DE CINEPHILE A CINEASTE
|
|
|
|
Cependant un cinéphile peut
aujourd'hui devenir cinéaste beaucoup plus facilement.
La France voit débuter chaque année 20 / 25
metteurs en scène. Cette situation était impensable
à la fin des années 40, car le système
était complètement verrouillé. Il fallait
avoir fait 30 films comme assistant avant d'espérer
en faire un soi-même ; il y avait un nouveau
metteur en scène tous les 2, 3 ans. C'était
effrayant ! Tout a changé au début des
années 60, après la Nouvelle Vague, le Centre
du Cinéma a donné de l'argent pour la réalisation
de courts-métrages ; le système d'avance
sur recettes a été créé... A
la fin des années 40, on pouvait plus facilement
être cinéphile, mais on n'en était pas
cinéaste pour autant.
(...) Au début de la Nouvelle Vague, je suis allé
chez les producteurs que je connaissais, en espérant
pouvoir faire enfin des films. On m'a alors reproché
d'être un scénariste trop connu ! Ces
producteurs n'avait besoin que d'inconnus, pour constituer
la Nouvelle Vague. J'ai alors retiré mon nom de tous
les scénarios que j'avais écrit (les films
se tournaient bien souvent plusieurs années après
l'écriture du scénario) pour redevenir un
inconnu !
Parallèlement, pour gagner ma vie, j'écrivais
des feuilletons quotidien pour la télévision,
car personne ne s'intéresse aux auteurs de télévision.
PREMIER FILM
J'avais écrit en 1953 le scénario
d'un court métrage Les derniers hivers. Il
se déroulait dans un hospice de vieux et mêlait
le tragique et le cocasse. Personne n'en voulait. En 1959,
je devais faire un court-métrage pour accompagner
Les honneurs de la guerre, un film que j'avais écrit.

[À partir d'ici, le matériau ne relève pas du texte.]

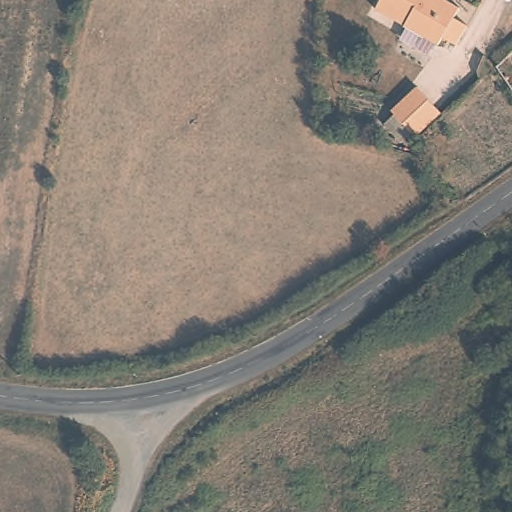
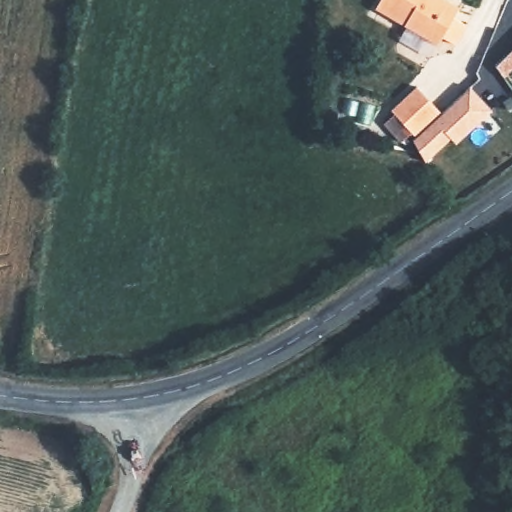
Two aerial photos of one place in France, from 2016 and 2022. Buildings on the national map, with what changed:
unchanged [(457,11),(451,20),(462,28),(450,47),(438,39),(435,45),(374,5),(377,0),(441,0),(457,11)]
new [(512,50),(512,68),(503,76),(496,66),(512,50)]
unchanged [(389,110),(413,84),(438,110),(412,134),(389,110)]
new [(471,87),(492,110),(456,145),(451,139),(426,162),(412,134),(438,110),(442,114),(471,87)]

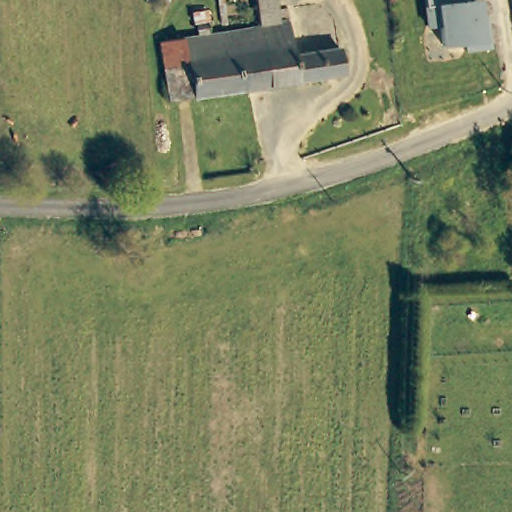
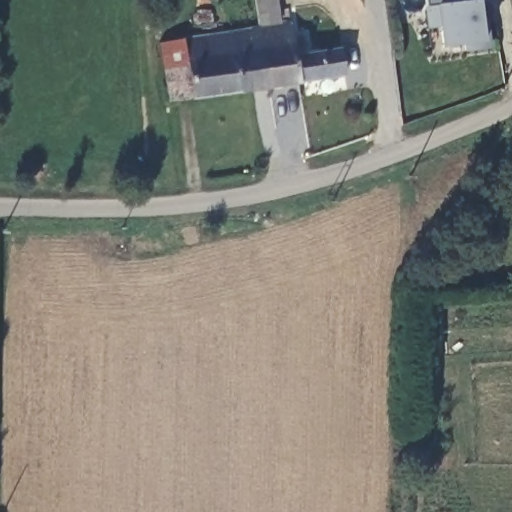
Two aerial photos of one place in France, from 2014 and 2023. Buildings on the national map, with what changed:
unchanged [(284,24),(292,22),(296,38),(298,53),(301,80),(268,85),(260,27),(256,0),(280,0),(284,24)]
unchanged [(486,48),(462,52),(462,45),(440,46),(439,29),(427,29),(424,0),(480,0),(486,48)]
unchanged [(199,37),(197,24),(211,22),(213,35),(228,32),(236,90),(196,96),(187,39),(199,37)]
unchanged [(228,32),(260,27),(268,85),(236,90),(228,32)]
unchanged [(170,100),(161,43),(187,39),(196,96),(170,100)]
unchanged [(346,73),(301,80),(298,53),(342,46),(346,73)]

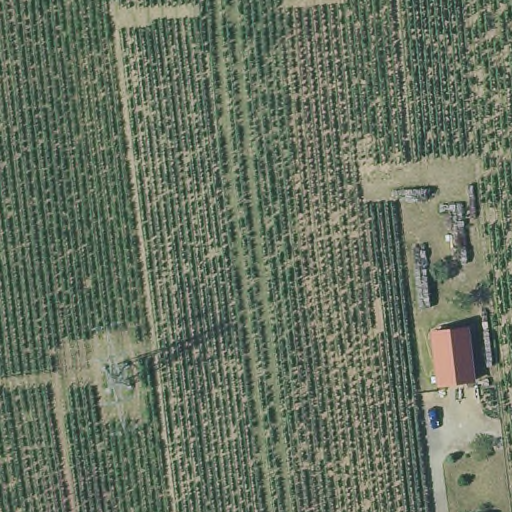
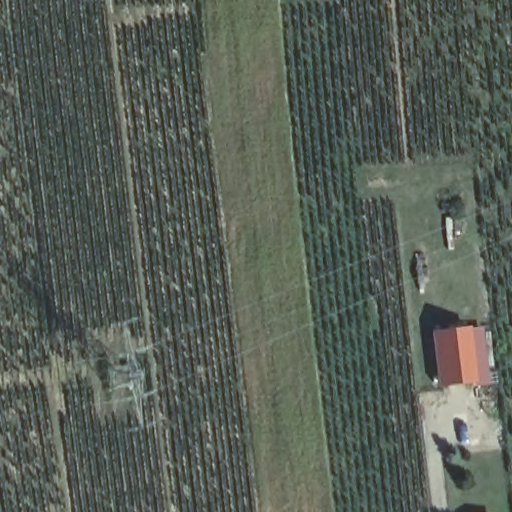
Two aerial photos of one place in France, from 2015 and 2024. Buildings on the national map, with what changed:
unchanged [(436,332),(467,329),(473,381),(442,385),(437,385),(431,333),(436,332)]

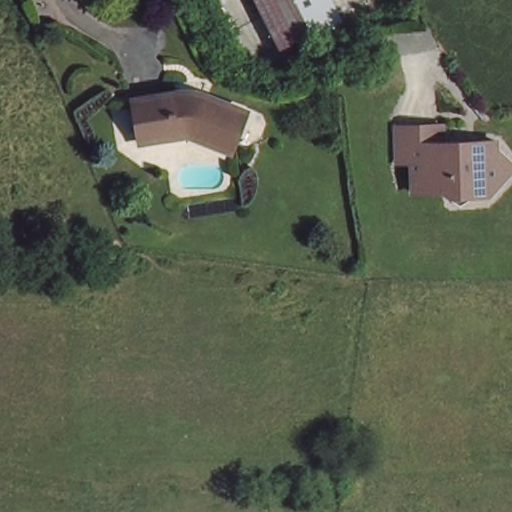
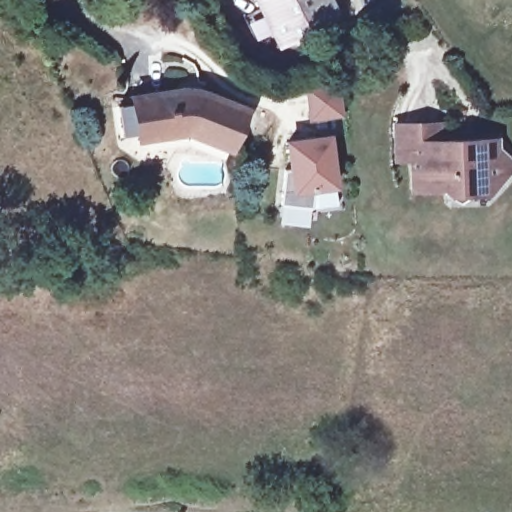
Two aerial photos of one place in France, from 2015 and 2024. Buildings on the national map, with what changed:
unchanged [(340,15),(288,43),(280,47),(256,0),(332,0),(340,15)]
unchanged [(186,88),(197,92),(244,106),(229,150),(187,136),(139,143),(135,124),(132,97),(186,88)]
unchanged [(489,186),(449,188),(443,183),(412,184),(411,153),(396,153),(395,119),(410,118),(442,117),(443,134),(496,133),(497,142),(505,149),(512,157),(512,162),(496,179),(489,186)]
new [(337,188),(314,191),(313,209),(281,204),(286,171),(289,170),(284,139),(329,132),(337,188)]

J'avais posé comme condition au metteur en scène
et producteur Jean Dewever, de lui écrire son film
à condition qu'il me paye un court-métrage.
J'en étais arrivé là ! Il a accepté.
J'ai repris le même titre du scénario de 53,
mais l'histoire était différente. Jean Dewever
a tourné son film, mais il a eu des dépassements
de budget et il n'avait plus d'argent pour payer mon court-métrage.
A l'époque, Alain Resnais et Henri Colpi ont essayé
en vain de m'aider pour trouver un producteur. Je ne l'ai
finalement tourné qu'en 1969 !
LE CINEMA E(S)T LA VIE
Quand j'étais cinéphile
et critique, je ne connaissais rien de la vie. Je l'ai découvert
davantage dans la période où j'étais
scénariste. Et heureusement ! Je crois que je
n'aurais jamais pu passer directement du stade de cinéphile
à celui de cinéaste, parce que je ne m'intéressais
à rien d'autre dans la vie, je n'étais absolument
pas dans le coup. C'est peut-être pour cela aussi
que j'ai refusé des projets que m'avait proposés
des producteurs : je savais ce que je voulais faire
comme film mais non ce que cela aurait donné sur
l'écran ! Il fallait aimer la vie pour pouvoir
mettre en scène : à l'époque,
je n'aimais que le cinéma, je me foutais éperdument
de la vie ! Quand j'ai commencé à écrire
pour les autres, j'ai commencé à aimer la
vie pour la première fois. Cela m'a permis de ne
pas avoir de problèmes quand j'ai commencé
à tourner des films.
LE MELANGE DES GENRES
J'ai toujours aimé un cinéma
qui mêle le rire et l'émotion. J'aime tout
le temps changer de registre dans la mise en scène,
aussi bien que dans la direction d'acteurs. Quand j'écrivais
mes premiers scénarios, j'essayais déjà
de montrer ce balancement entre le tragique, l'humour, l'émotion,
le sourire... Mais je n'use pas de la caricature :
faire rire pour faire rire, c'est bon quand vous avez des
acteurs d'une grande puissance comique. Quand vous n'en
avez pas, cela devient tout de suite faux, artificiel...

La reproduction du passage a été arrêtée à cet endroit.